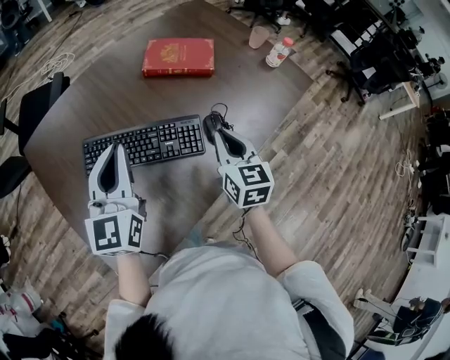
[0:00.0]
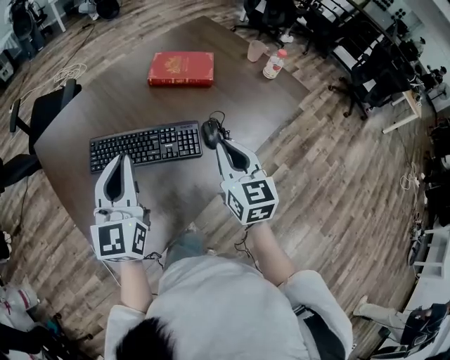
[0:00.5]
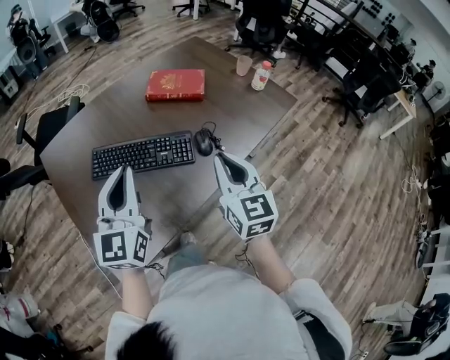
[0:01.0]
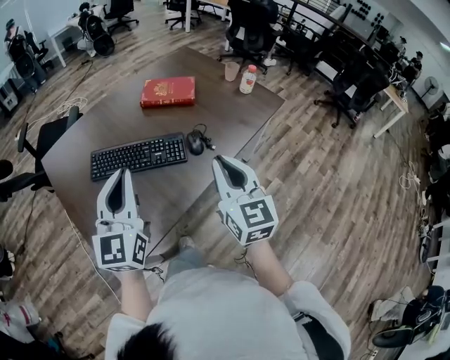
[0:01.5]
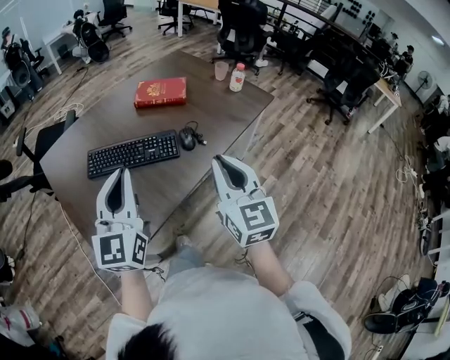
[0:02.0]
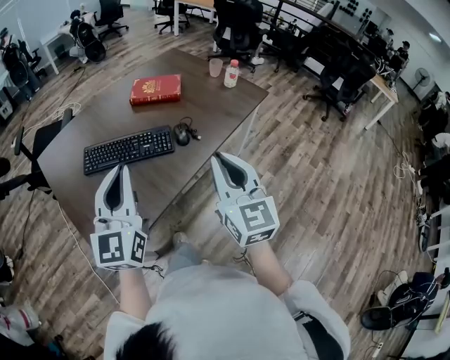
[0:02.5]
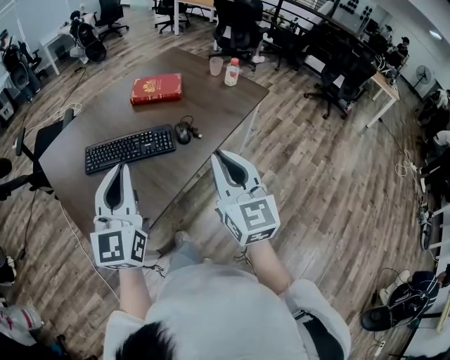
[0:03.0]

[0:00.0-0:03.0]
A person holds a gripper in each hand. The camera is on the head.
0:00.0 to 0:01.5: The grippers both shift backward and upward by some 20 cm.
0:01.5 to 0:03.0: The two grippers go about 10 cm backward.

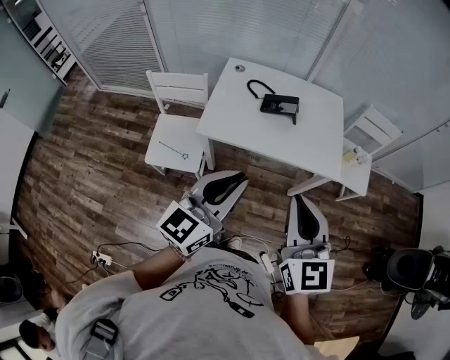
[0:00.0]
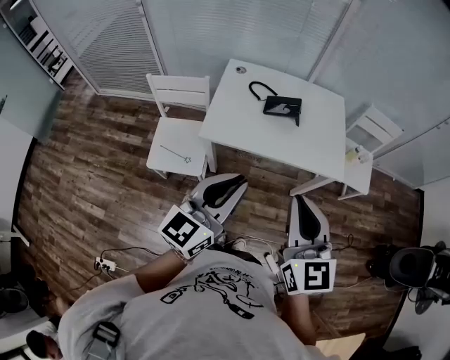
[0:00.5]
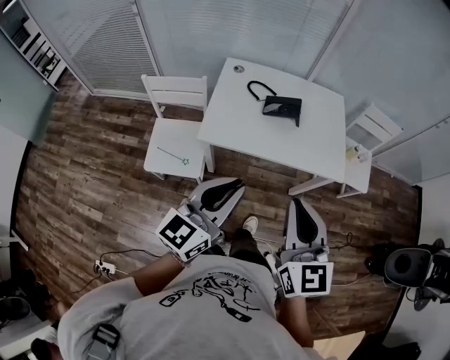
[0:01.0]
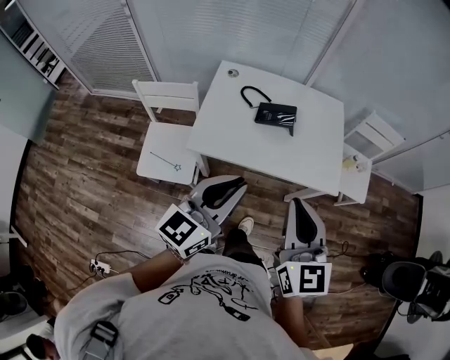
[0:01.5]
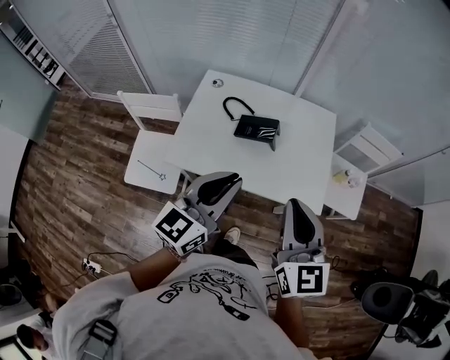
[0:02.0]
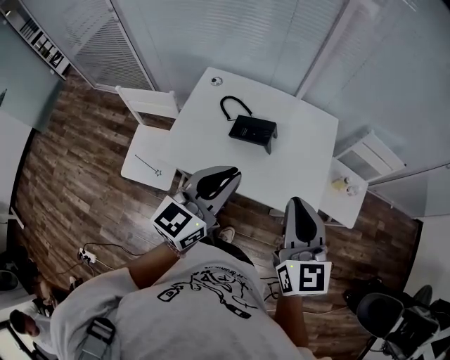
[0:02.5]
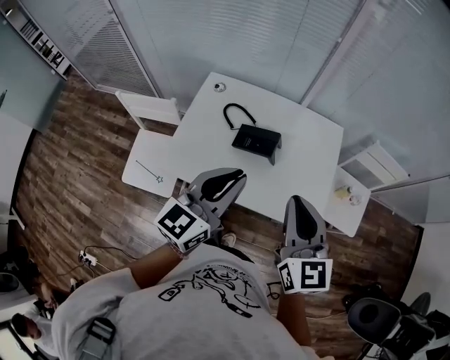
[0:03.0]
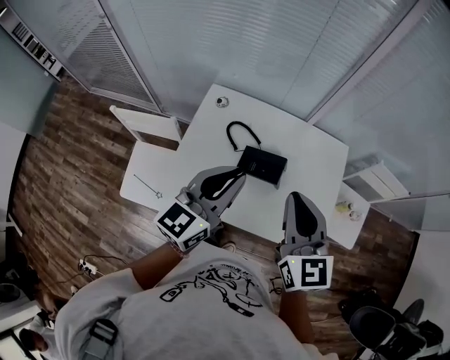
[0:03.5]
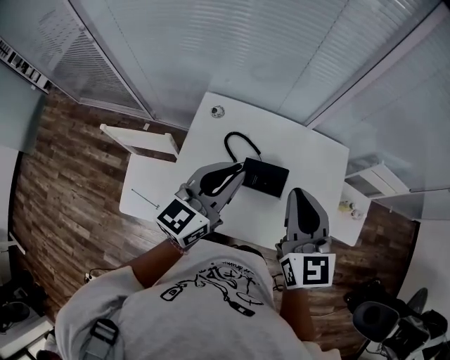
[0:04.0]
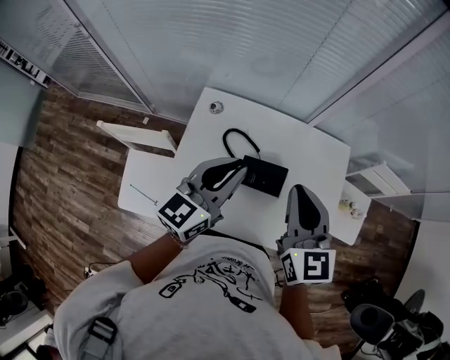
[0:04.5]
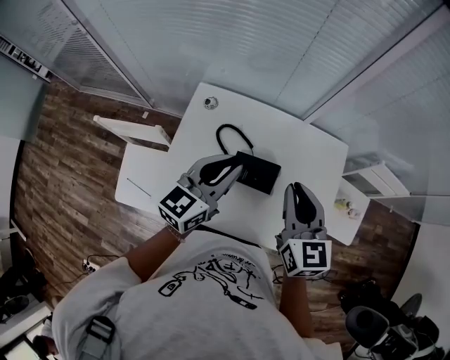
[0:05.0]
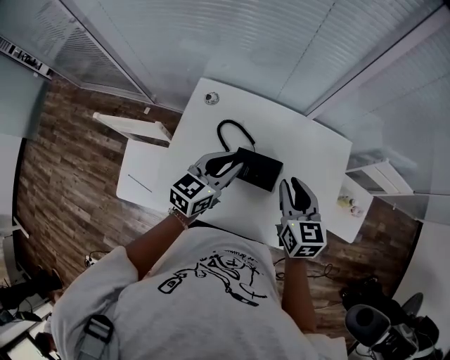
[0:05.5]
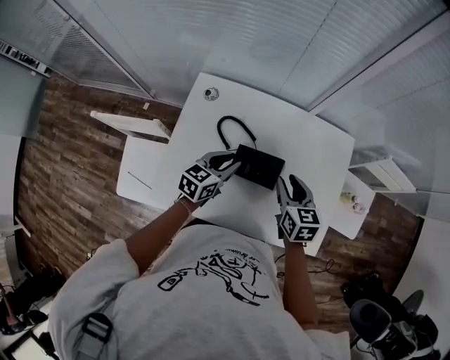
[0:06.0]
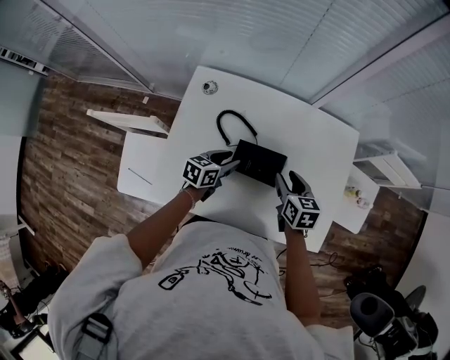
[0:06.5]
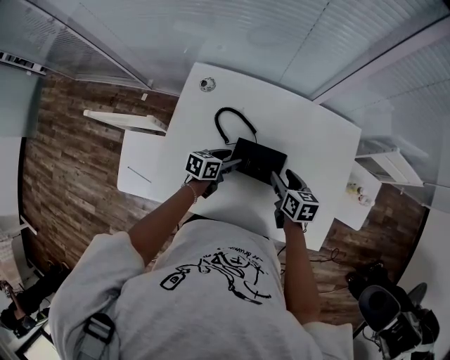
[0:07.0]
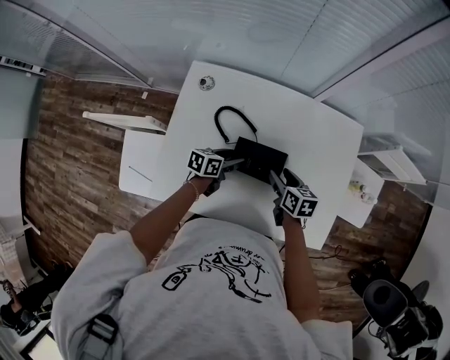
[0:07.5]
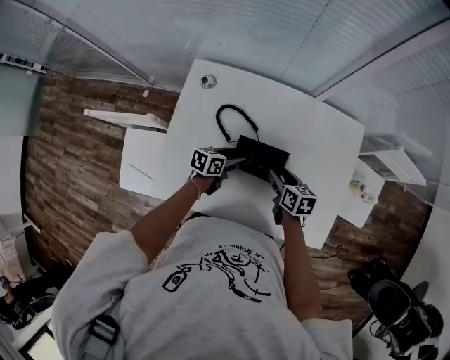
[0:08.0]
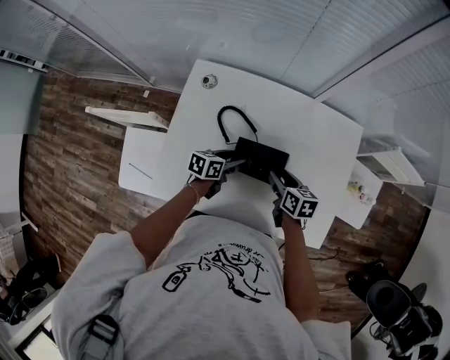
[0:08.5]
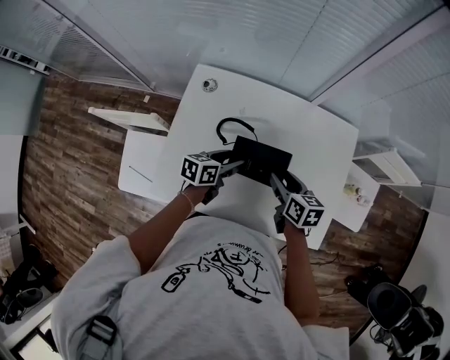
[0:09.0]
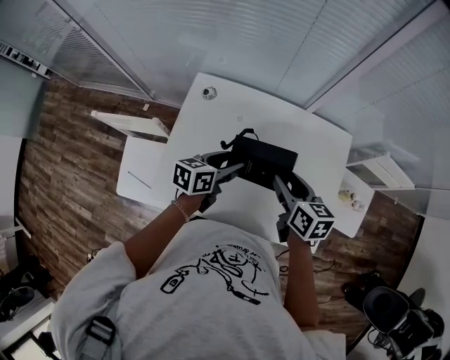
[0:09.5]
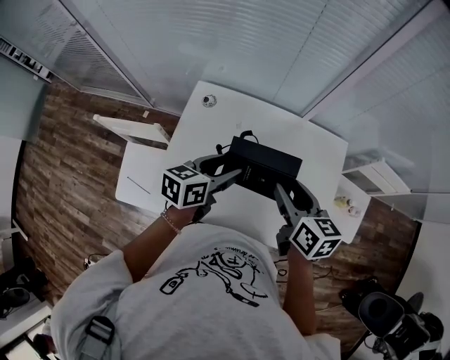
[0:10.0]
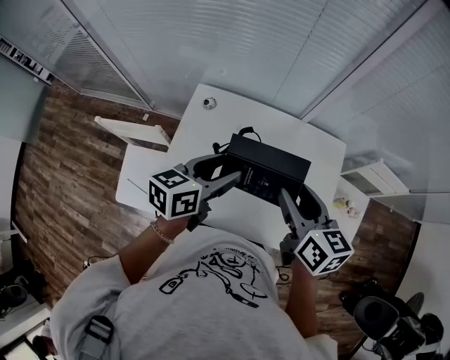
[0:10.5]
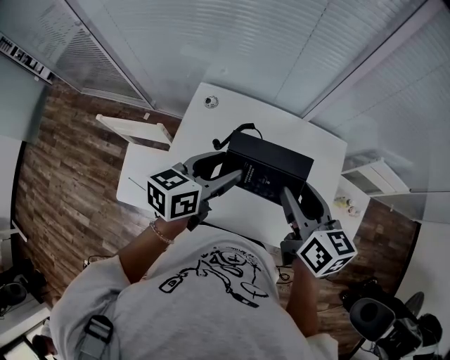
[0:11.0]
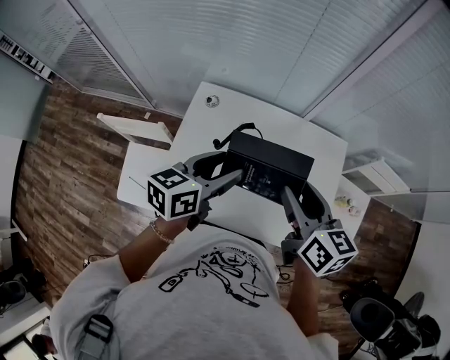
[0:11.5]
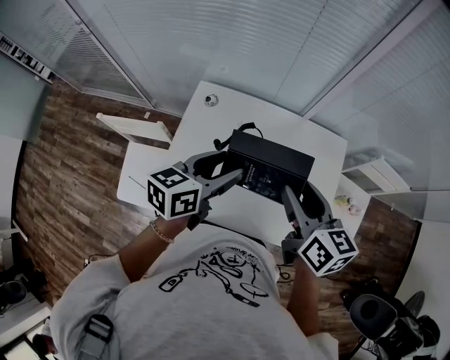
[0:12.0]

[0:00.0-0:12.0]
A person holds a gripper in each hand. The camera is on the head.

▬▬▬▬▬▬

**Your task:** Leave out the pictures and retype every line above exactly.

**Written reply:**
[0:00.0]
[0:00.5]
[0:01.0]
[0:01.5]
[0:02.0]
[0:02.5]
[0:03.0]

[0:00.0-0:03.0]
A person holds a gripper in each hand. The camera is on the head.
0:00.0 to 0:01.5: The grippers both shift backward and upward by some 20 cm.
0:01.5 to 0:03.0: The two grippers go about 10 cm backward.

[0:00.0]
[0:00.5]
[0:01.0]
[0:01.5]
[0:02.0]
[0:02.5]
[0:03.0]
[0:03.5]
[0:04.0]
[0:04.5]
[0:05.0]
[0:05.5]
[0:06.0]
[0:06.5]
[0:07.0]
[0:07.5]
[0:08.0]
[0:08.5]
[0:09.0]
[0:09.5]
[0:10.0]
[0:10.5]
[0:11.0]
[0:11.5]
[0:12.0]

[0:00.0-0:12.0]
A person holds a gripper in each hand. The camera is on the head.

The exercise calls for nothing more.